» **Action item**
Return every record below exactly; leave out the images.

::::

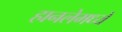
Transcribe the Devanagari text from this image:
हानलेमध्ये
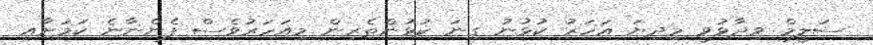
ސަލީމް ވިދާޅުވީ މިދިޔަ އަހަރު ކުޅުނު ގިނަ ކުޅުންތެރިން މިއަހަރުވެސް ފެންނާނެ ކަމަށާއި
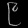
Digit: ၉
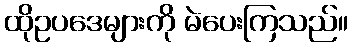
ထိုဥပဒေများကို မဲပေးကြသည်။
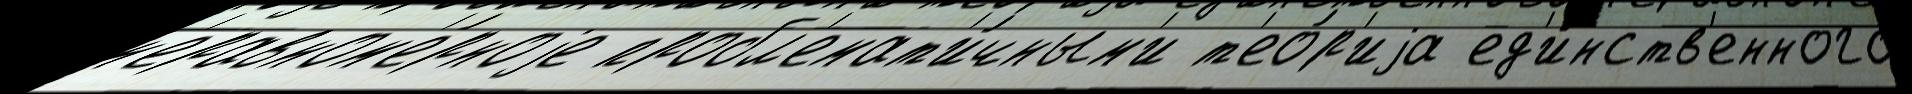
н'еравном'е́рноjе пробл'емат'и́чным'и т'ео́р'иjа ед'и́нств'енного
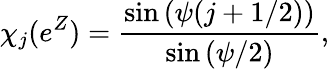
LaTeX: \chi_{j}(e^{Z})={\frac{\sin{(\psi(j+1/2))}}{\sin{(\psi/2)}}},
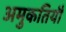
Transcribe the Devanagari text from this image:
अमुकतियौ
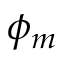
\phi _ { m }
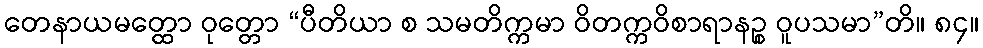
တေနာယမတ္ထော ဝုတ္တော “ပီတိယာ စ သမတိက္ကမာ ဝိတက္ကဝိစာရာနဉ္စ ဝူပသမာ”တိ။ ၈၄။

::::

» **Response below**
Transcribe the Devanagari text from this image:
हानलेमध्ये
ސަލީމް ވިދާޅުވީ މިދިޔަ އަހަރު ކުޅުނު ގިނަ ކުޅުންތެރިން މިއަހަރުވެސް ފެންނާނެ ކަމަށާއި
Digit: ၉
ထိုဥပဒေများကို မဲပေးကြသည်။
н'еравном'е́рноjе пробл'емат'и́чным'и т'ео́р'иjа ед'и́нств'енного
LaTeX: \chi_{j}(e^{Z})={\frac{\sin{(\psi(j+1/2))}}{\sin{(\psi/2)}}},
Transcribe the Devanagari text from this image:
अमुकतियौ
\phi _ { m }
တေနာယမတ္ထော ဝုတ္တော “ပီတိယာ စ သမတိက္ကမာ ဝိတက္ကဝိစာရာနဉ္စ ဝူပသမာ”တိ။ ၈၄။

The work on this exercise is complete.